Managing collection-level document compression - Amazon DocumentDB
Services or capabilities described in Amazon Web Services documentation might vary by Region. To see the differences applicable to the China Regions, see Getting Started with Amazon Web Services in China (PDF).

Managing collection-level document compression

Amazon DocumentDB collection-level document compression allows you to lower storage and IO costs by compressing the documents in your collections. You can enable document compression at a collection level and view compression metrics as needed by measuring the storage gains through compression metrics such as storage size of compressed documents and compression status. Amazon DocumentDB uses the LZ4 compression algorithm to compress documents.

Amazon DocumentDB supports document compression starting with version 5.0. The following are collection-level document compression functions:

  • Default behavior — The default compression setting for new collections on a cluster is determined by the cluster parameter default_collection_compression. This parameter is set to “disabled” by default.

  • Compressing existing collections — The compression setting for existing collections can be changed using the collMod command.

  • Changing the compression threshold — The default compression threshold is 2KB. This value can be specified for new collections using the createCollection command, and changed for existing collections using collMod command.

Note

Amazon DocumentDB document compression is not supported on Amazon DocumentDB versions 3.6 and 4.0.

Managing document compression

Enabling document compression in a collection

Enable document compression while creating a collection onAmazon DocumentDB by using db.createCollection() method:

db.createCollection( sample_collection,{ storageEngine : { documentDB: { compression:{enable: <true | false>} } } })

Enabling document compression in a cluster

Document compression can be enabled by default for all new collections on a cluster level by setting the cluster parameter default_collection_compression to “enabled”. When this parameter is set to “enabled”, newly created collections on the cluster will have compression enabled by default with a compression threshold of 2 KB.

Compressing existing collections

You can also modify the compression settings for an existing collection using the collMod operation and specifying the following storageEngine configuration. Please note that the change made using this command will only apply to newly inserted/updated documents and the compression on previously inserted documents will not change.

db.runCommand({ collMod: "orders", storageEngine: { documentDB: {compression: {enable: <true | false>} } } })

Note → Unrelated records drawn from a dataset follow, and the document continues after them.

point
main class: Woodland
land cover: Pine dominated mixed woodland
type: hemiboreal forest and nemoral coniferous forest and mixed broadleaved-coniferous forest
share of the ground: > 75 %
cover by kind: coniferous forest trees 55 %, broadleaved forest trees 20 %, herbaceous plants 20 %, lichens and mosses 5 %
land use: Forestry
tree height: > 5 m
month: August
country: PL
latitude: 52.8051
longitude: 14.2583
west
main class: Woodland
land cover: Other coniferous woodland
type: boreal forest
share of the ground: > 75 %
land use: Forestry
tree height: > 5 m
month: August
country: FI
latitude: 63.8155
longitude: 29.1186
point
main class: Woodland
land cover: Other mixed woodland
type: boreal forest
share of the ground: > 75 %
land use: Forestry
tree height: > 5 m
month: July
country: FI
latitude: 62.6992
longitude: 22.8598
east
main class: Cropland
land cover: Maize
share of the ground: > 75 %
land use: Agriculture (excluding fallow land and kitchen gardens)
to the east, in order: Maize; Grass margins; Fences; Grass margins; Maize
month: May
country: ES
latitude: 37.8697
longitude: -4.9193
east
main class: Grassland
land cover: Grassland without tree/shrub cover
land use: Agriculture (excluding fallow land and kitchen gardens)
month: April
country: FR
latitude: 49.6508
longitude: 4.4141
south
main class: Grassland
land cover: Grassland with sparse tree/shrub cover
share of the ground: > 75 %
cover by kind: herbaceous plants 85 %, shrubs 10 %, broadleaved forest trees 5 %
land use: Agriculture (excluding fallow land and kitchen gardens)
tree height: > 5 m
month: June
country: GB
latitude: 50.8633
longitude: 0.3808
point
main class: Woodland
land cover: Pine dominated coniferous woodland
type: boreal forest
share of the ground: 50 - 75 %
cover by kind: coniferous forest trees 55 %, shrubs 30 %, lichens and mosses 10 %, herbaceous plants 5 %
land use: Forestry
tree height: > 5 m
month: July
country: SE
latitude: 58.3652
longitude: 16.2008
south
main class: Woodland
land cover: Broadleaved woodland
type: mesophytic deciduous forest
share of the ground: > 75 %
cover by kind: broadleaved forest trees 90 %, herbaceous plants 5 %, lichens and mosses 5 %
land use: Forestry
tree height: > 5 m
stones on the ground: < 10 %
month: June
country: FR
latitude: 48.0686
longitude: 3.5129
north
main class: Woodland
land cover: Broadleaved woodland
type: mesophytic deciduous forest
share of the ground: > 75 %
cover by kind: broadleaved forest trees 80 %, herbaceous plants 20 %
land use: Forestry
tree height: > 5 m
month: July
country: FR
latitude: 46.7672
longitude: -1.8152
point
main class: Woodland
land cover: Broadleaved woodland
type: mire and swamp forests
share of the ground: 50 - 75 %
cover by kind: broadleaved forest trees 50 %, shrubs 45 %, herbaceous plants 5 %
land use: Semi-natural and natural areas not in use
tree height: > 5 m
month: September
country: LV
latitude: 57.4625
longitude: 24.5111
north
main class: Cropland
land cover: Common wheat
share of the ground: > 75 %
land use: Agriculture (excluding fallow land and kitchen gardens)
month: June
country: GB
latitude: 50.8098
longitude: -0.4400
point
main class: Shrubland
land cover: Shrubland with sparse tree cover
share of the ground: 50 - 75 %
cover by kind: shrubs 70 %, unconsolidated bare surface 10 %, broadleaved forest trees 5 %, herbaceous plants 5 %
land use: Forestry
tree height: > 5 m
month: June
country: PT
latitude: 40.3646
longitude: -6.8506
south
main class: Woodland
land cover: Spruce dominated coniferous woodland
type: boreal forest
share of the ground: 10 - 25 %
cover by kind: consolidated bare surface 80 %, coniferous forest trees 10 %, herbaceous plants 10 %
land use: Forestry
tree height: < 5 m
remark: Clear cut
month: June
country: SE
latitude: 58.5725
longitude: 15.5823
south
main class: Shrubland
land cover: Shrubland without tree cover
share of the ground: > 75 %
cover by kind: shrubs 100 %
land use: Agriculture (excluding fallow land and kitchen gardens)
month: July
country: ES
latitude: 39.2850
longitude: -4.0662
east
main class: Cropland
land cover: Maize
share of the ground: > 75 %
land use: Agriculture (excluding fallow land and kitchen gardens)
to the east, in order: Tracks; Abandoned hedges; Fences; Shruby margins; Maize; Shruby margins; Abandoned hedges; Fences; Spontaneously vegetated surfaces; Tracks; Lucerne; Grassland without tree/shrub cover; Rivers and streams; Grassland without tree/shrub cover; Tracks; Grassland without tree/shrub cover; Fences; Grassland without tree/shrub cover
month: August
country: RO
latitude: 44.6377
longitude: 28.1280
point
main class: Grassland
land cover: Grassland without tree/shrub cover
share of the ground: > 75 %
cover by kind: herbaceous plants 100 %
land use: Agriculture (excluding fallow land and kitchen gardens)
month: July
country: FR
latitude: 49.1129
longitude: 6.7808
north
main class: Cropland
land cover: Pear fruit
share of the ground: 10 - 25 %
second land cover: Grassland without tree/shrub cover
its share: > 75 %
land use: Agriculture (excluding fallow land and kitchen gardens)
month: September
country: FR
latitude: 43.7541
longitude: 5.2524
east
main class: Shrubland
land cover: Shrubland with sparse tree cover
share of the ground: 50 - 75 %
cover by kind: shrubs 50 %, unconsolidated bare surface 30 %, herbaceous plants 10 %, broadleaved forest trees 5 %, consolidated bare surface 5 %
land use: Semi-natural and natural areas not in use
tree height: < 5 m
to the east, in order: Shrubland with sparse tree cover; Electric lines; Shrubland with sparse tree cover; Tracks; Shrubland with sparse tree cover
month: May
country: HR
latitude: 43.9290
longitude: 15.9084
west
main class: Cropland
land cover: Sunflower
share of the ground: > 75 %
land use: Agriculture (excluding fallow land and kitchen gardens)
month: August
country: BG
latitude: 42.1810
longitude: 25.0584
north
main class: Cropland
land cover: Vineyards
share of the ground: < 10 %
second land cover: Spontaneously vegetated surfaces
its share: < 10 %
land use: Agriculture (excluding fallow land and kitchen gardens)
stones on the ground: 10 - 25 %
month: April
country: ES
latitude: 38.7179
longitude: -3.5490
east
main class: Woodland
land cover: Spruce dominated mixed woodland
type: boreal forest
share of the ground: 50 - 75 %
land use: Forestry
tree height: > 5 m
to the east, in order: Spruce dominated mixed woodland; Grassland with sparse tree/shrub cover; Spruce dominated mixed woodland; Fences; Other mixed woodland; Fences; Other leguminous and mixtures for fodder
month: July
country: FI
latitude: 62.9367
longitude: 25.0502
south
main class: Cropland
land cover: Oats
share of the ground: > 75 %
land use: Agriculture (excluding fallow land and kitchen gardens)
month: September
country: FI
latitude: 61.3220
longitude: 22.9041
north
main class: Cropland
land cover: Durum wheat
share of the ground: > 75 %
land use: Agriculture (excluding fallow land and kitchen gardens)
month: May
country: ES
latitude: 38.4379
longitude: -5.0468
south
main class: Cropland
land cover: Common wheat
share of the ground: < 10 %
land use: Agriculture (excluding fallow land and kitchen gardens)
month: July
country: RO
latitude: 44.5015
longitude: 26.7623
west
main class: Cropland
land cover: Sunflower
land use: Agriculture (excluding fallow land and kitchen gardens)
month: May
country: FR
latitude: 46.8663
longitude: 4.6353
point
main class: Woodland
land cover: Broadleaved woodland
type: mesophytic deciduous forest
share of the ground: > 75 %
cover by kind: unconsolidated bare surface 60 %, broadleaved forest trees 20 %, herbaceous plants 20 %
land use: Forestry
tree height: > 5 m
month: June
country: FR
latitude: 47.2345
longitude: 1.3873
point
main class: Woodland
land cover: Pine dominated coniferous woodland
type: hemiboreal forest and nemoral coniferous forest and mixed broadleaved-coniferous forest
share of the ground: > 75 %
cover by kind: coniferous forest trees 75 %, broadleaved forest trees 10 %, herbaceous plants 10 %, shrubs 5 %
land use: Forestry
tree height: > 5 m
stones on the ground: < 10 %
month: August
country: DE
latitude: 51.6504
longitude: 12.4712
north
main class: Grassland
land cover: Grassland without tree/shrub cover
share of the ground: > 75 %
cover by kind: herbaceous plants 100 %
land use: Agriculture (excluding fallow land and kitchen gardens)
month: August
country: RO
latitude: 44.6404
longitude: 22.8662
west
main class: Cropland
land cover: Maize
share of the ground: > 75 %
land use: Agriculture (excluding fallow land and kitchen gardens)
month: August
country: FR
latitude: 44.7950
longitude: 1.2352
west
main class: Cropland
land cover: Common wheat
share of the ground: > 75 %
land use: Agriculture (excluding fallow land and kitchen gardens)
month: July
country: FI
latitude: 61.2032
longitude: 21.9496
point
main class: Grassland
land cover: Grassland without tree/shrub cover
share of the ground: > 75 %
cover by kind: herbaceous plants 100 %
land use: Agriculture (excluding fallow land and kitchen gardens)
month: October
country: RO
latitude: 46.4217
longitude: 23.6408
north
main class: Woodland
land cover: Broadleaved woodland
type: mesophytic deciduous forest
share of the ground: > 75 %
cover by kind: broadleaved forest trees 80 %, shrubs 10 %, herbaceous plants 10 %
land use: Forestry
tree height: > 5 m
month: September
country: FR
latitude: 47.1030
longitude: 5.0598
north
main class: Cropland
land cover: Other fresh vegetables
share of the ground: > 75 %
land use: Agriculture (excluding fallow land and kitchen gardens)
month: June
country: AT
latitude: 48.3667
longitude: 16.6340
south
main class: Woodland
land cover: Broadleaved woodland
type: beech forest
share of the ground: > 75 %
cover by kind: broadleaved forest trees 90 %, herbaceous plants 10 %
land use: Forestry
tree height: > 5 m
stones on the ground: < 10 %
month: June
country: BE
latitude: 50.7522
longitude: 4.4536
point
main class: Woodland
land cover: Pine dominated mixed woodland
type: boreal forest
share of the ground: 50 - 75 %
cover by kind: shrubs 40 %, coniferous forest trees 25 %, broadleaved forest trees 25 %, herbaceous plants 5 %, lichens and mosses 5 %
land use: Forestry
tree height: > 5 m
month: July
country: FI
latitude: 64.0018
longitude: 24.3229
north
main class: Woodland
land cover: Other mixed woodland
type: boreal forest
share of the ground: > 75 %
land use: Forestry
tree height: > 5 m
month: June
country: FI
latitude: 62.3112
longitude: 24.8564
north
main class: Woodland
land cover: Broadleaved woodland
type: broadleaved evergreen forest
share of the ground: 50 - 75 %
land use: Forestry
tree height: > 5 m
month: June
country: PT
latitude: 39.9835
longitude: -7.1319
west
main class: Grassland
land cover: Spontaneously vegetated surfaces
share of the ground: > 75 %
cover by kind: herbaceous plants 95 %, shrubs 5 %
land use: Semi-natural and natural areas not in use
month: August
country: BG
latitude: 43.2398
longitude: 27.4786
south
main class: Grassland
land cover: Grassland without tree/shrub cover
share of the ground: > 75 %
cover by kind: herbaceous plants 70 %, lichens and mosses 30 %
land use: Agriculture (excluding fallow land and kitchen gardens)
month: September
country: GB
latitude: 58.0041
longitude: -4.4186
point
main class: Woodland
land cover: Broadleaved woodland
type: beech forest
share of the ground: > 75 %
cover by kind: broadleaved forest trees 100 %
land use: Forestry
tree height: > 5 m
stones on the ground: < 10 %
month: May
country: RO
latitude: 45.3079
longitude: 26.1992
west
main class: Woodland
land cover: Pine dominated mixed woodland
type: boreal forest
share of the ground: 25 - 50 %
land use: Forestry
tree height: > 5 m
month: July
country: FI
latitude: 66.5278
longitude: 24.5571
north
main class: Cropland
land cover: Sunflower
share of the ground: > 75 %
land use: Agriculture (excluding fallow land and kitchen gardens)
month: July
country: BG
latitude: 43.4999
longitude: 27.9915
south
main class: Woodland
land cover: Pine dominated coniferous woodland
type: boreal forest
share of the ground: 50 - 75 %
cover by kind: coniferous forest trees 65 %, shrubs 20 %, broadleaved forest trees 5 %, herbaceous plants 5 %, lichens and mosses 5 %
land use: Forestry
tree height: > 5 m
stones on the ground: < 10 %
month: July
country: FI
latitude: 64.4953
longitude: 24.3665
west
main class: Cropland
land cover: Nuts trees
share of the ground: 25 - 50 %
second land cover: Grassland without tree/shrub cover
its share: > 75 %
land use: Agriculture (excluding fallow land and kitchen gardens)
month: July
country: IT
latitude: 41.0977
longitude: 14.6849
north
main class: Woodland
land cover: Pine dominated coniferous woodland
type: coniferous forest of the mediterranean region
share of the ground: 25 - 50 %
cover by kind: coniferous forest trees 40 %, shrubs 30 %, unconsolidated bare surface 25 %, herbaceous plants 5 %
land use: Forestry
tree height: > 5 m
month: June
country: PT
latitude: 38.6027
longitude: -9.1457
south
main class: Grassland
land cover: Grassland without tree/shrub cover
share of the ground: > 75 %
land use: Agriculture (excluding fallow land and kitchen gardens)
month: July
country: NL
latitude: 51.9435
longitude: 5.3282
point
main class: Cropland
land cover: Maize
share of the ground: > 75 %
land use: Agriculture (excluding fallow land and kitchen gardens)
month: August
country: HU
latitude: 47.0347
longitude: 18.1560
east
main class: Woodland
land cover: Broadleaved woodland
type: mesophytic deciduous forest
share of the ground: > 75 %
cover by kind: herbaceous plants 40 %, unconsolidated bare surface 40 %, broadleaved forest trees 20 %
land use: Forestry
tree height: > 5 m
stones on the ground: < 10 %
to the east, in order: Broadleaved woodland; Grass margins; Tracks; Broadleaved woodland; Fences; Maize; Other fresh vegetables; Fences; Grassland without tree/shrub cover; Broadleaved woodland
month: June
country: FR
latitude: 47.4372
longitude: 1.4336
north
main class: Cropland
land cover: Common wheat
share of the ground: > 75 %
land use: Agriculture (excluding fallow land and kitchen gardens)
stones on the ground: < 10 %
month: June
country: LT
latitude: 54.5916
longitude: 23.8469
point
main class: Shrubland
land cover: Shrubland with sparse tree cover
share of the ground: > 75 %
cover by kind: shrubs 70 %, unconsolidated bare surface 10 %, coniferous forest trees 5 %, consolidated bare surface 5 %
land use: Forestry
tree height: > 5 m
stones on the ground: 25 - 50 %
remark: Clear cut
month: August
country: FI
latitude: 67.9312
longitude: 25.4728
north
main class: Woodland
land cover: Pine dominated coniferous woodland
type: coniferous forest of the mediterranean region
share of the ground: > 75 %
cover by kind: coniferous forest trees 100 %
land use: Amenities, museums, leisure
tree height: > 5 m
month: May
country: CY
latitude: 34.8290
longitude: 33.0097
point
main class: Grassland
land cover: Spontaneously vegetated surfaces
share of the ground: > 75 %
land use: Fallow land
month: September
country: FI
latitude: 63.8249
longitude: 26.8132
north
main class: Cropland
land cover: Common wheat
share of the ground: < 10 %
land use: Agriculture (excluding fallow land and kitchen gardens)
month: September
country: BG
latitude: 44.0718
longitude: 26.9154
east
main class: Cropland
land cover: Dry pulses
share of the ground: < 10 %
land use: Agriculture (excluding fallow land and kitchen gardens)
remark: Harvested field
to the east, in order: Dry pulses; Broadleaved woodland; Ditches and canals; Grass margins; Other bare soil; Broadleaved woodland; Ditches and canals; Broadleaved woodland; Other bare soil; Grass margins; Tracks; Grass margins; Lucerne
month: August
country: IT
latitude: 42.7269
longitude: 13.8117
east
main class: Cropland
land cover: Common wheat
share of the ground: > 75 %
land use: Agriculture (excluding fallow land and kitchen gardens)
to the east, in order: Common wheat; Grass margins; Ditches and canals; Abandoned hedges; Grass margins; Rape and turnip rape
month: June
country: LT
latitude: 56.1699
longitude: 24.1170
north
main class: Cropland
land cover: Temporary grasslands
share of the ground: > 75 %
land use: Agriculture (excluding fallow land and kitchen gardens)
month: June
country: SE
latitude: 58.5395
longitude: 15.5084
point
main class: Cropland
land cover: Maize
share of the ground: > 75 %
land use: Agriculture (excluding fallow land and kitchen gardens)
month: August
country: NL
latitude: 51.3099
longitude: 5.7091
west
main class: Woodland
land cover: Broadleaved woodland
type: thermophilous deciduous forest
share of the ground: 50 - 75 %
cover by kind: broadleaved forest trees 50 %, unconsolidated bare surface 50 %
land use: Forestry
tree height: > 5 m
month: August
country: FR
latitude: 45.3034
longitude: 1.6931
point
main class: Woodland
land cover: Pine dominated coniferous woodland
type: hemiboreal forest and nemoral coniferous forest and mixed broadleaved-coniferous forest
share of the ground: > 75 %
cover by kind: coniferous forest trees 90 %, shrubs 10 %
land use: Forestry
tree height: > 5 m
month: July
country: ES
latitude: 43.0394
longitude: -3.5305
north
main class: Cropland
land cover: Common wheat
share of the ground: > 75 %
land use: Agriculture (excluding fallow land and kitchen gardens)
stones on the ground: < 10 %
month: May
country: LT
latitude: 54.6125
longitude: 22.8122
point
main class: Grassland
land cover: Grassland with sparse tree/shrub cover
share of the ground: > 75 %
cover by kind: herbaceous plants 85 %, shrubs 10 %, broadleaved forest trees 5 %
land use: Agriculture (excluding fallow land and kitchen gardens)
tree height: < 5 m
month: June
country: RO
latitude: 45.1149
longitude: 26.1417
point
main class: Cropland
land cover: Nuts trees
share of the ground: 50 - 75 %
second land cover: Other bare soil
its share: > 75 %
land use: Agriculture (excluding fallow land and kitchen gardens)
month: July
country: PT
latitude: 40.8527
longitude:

Setting the compression thresholds

By default, the compression threshold for compressed collections is 2032 bytes. This threshold value can be set in the createCollection command when creating a new collection with compression enabled:

db.createCollection( sample_collection, { storageEngine : { documentDB: { compression: { enable: true, threshold: <128 - 8000> } } } })

You can also modify the compression threshold for an existing compressed collection using the collMod operation and specifying the following storageEngine configuration:

db.runCommand({ collMod: "orders", storageEngine: { documentDB: { compression: { enable: true, threshold: <128 - 8000> } } } })

Please note that the compression threshold can only be set to a value between 128 to 8000 bytes. Additionally, the enable option needs to be set to “true” when specifying the compression threshold.

Monitoring document compression

You can check if a collection is compressed and calculate it's compression ratio as follows.

View compression statistics by running the db.printCollectionStats() or db.collection.stats() command from the mongo shell. The output shows you the original size and compressed size that you can compare to analyze the storage gains from document compression. In this example, statistics for a collection named “sample_collection” are shown below. A scaling factor of 1024*1024 is used below to output the size and storageSize values in MB.

db.sample_collection.stats(1024*1024)

The following is an example of the output for the above command:

{ "ns" : "test.sample_collection", "count" : 1000000, "size" : 3906.3, "avgObjSize" : 4096, "storageSize" : 1953.1, compression:{"enabled" : true,"threshold" : 2032}, ... }
  • size - The original size of the document collection.

  • avgObjSize - The average document size before compression rounded off to first decimal. The unit of measure is bytes.

  • storageSize - The storage size of the collection after compression. The unit of measure is bytes.

  • enabled - Indicates if compression is enabled or disabled.

To calculate the actual compression ratio, divide the collection size by the storage size (size/storageSize). For the example above, the calculation is 3906.3/1953.1 which translates to a 2:1 compression ratio.